Where do the numbers come from? Your database column width, your UI's line limit, the maximum items your frontend renders. If you don't know the exact limit, pick a reasonable one: `maxLength: 240` is better than no limit, even if the real answer turns out to be 280.

## Use constraints, not descriptions

If a field must be a valid email address, `"description": "Must be a valid business email"` is a suggestion the model might follow. `"pattern": "^[^@]+@[^@]+$"` is a constraint it cannot violate.
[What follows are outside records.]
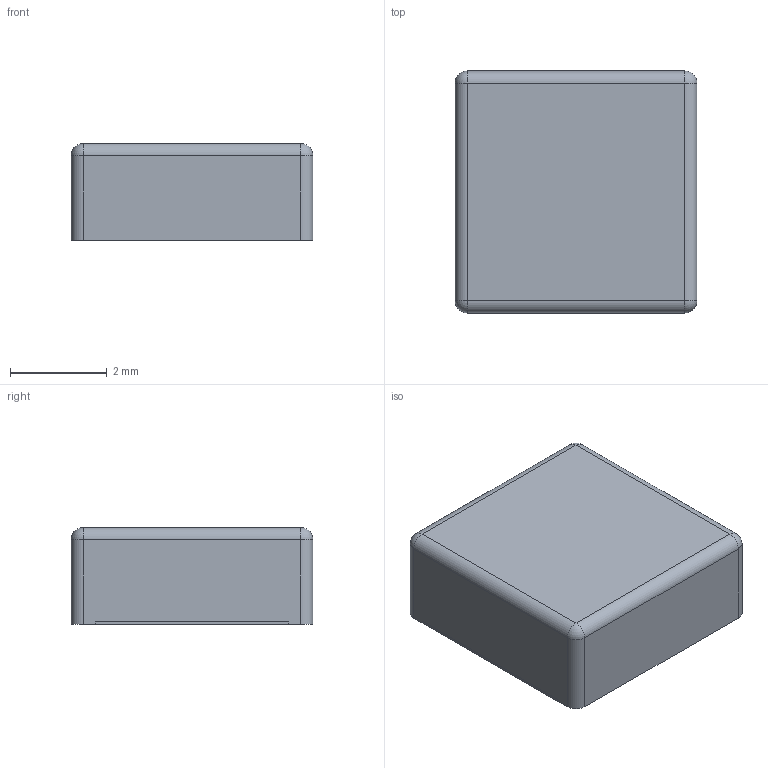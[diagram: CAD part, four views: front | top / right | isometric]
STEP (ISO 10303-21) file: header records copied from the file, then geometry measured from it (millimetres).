
FILE_DESCRIPTION(('Open CASCADE Model'),'2;1');
FILE_NAME('Open CASCADE Shape Model','2022-12-26T14:15:25',('Author'),( 'Open CASCADE'),'Open CASCADE STEP processor 7.6','Open CASCADE 7.6' ,'Unknown');
FILE_SCHEMA(('AUTOMOTIVE_DESIGN { 1 0 10303 214 1 1 1 1 }'));
Length unit declared in the file: millimetre
Products named in the file (7): CQ assembly; a695a2e2-8551-11ed-a139-00155d22e2d7; a695a2e2-8551-11ed-a139-00155d22e2d7_part; a695a418-8551-11ed-a139-00155d22e2d7; a695a418-8551-11ed-a139-00155d22e2d7_part; a695a490-8551-11ed-a139-00155d22e2d7; a695a490-8551-11ed-a139-00155d22e2d7_part
Assembly tree (6 placements, depth 4):
  CQ assembly
    a695a2e2-8551-11ed-a139-00155d22e2d7
      a695a2e2-8551-11ed-a139-00155d22e2d7_part
      a695a418-8551-11ed-a139-00155d22e2d7
        a695a418-8551-11ed-a139-00155d22e2d7_part
      a695a490-8551-11ed-a139-00155d22e2d7
        a695a490-8551-11ed-a139-00155d22e2d7_part
Bounding box: 5 x 5 x 2 mm (x, y, z)
Volume: 49.6 mm3; surface area: 108.2 mm2
Topology: 3 solids, 3 shells, 38 faces, 88 edges, 52 vertices
Faces by surface type: plane 26, cylinder 8, sphere 4
Entity records: 1167 total; most frequent: DIRECTION 190, CARTESIAN_POINT 181, ORIENTED_EDGE 168, EDGE_CURVE 84, LINE 68, VECTOR 68, AXIS2_PLACEMENT_3D 61, VERTEX_POINT 52

Descriptions don't guarantee your output's format; constraints ensure the model will follow the schema's syntax.

**Before:**

```json theme={"theme":{"light":"vitesse-light","dark":"vitesse-dark"}}
{
  "type": "object",
  "properties": {
    "email": {
      "type": "string",
      "description": "Must be a valid business email"
    }
  },
  "required": ["email"]
}
```

**After:**

```json theme={"theme":{"light":"vitesse-light","dark":"vitesse-dark"}}
{
  "type": "object",
  "properties": {
    "email": {
      "type": "string",
      "pattern": "^[^@]+@[^@]+$"
    }
  },
  "required": ["email"],
  "additionalProperties": false
}
```

This applies everywhere: dates should be `format: "date"`, not `"description": "ISO 8601 date"`. Country codes should be `pattern: "^[A-Z]{2}$"`, not `"description": "Two-letter country code"`. Anything you can express as a constraint, express as a constraint.

## Send us your schema

Every dottxt customer gets access to a shared Slack channel with our team. Send us your JSON Schema before you ship it, and we'll tell you what's fragile and what will break. For a full audit, see [Schema Review](/audit).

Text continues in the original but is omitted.